%%

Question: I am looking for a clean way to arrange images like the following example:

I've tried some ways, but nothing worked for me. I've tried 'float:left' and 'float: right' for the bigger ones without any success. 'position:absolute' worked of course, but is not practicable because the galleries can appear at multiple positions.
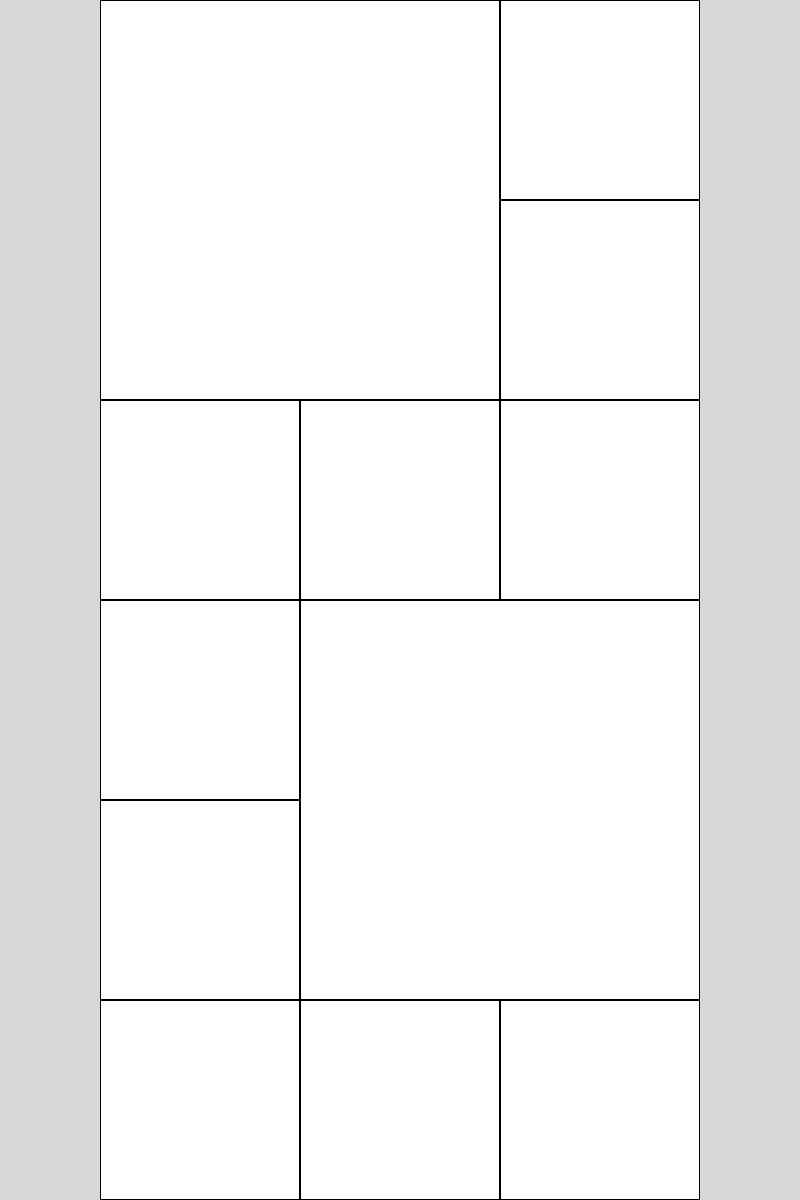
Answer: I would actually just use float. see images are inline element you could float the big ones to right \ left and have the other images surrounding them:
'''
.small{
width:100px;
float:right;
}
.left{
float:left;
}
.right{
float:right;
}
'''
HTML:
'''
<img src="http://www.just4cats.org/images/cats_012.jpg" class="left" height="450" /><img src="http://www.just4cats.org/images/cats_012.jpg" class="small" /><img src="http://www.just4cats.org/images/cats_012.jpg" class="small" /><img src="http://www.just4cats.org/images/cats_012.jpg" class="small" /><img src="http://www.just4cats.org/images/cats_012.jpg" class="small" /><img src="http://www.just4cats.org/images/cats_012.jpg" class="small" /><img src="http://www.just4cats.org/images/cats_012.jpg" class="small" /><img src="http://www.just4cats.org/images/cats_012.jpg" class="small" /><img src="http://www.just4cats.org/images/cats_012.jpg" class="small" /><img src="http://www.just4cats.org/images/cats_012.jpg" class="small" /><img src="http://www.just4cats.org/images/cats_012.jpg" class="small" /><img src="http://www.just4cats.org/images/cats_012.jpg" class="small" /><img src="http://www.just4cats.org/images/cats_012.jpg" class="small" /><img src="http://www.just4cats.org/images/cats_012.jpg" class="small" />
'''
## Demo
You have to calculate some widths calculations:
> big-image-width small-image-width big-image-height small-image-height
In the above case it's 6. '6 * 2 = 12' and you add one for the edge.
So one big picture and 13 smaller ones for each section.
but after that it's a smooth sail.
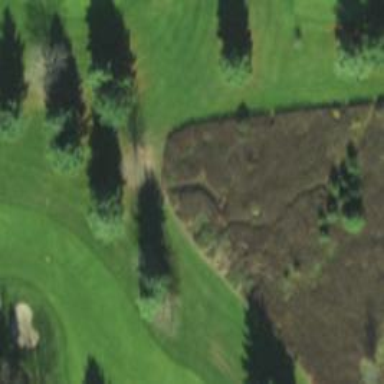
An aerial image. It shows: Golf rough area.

%%
%%

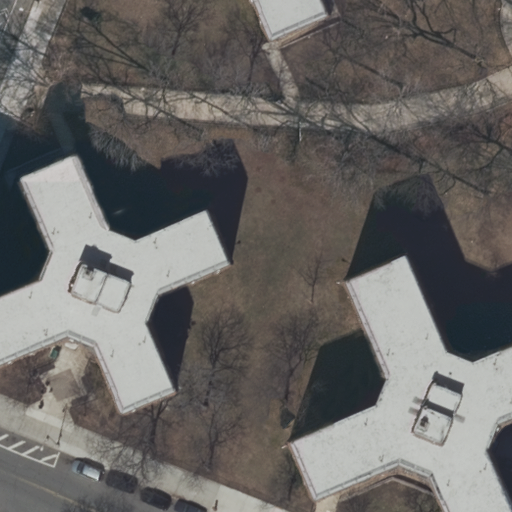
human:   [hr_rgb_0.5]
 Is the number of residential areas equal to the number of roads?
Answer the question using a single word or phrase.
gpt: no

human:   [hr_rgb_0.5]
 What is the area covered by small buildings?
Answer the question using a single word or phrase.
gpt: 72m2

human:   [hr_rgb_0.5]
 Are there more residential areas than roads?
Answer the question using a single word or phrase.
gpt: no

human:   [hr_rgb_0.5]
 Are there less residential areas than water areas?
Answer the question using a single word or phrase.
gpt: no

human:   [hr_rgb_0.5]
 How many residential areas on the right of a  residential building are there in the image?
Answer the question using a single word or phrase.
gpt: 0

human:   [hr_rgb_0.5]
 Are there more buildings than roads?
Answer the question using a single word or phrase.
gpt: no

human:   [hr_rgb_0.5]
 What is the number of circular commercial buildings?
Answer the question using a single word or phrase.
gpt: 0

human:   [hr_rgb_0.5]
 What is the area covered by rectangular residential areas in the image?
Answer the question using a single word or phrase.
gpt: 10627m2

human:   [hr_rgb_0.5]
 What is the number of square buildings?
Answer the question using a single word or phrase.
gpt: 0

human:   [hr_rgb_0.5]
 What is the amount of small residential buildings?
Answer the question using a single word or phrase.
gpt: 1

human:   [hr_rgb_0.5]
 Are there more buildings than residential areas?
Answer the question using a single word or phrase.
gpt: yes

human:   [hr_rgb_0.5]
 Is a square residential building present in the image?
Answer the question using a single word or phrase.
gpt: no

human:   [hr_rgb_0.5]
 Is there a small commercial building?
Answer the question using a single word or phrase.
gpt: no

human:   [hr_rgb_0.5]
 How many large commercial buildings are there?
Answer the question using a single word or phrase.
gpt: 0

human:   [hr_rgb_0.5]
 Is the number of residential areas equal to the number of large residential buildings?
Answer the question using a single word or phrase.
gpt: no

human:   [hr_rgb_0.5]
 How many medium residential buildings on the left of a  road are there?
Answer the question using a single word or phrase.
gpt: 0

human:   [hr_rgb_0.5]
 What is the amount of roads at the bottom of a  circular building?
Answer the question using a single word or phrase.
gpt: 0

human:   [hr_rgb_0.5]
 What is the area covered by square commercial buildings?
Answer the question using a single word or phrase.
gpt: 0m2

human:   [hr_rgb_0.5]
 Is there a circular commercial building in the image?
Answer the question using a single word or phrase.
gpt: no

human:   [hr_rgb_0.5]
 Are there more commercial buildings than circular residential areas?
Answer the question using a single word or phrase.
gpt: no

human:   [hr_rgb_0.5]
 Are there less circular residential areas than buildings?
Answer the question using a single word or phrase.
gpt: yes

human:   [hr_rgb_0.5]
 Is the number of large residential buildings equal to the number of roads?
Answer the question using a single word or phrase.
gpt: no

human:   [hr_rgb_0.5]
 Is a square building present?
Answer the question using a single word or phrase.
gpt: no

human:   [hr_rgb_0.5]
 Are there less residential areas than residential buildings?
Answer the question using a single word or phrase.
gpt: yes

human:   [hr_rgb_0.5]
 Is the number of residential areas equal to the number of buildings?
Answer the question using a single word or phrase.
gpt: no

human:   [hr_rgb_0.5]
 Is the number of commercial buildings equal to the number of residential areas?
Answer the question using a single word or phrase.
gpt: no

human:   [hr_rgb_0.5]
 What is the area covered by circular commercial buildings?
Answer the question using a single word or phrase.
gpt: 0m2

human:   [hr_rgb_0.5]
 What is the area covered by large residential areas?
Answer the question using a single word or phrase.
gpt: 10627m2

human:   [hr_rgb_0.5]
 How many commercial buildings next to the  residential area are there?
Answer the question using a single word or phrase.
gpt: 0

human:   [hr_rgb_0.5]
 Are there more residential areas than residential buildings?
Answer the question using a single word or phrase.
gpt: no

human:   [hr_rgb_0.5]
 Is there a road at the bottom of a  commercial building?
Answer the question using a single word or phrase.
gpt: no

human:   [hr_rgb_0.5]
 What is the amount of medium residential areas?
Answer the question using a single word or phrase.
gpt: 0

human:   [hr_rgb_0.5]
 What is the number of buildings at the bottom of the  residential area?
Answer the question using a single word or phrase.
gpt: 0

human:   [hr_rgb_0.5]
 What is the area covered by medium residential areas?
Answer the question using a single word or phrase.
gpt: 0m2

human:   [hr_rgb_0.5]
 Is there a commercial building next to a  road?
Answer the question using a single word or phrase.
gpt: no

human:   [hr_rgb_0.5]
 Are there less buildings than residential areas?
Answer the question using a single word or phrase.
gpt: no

%%

> **What is being asked**: Go through the preceding material and copy each line that has the word "less".

> **Your response**:
 Are there less residential areas than water areas?
 Are there less circular residential areas than buildings?
 Are there less residential areas than residential buildings?
 Are there less buildings than residential areas?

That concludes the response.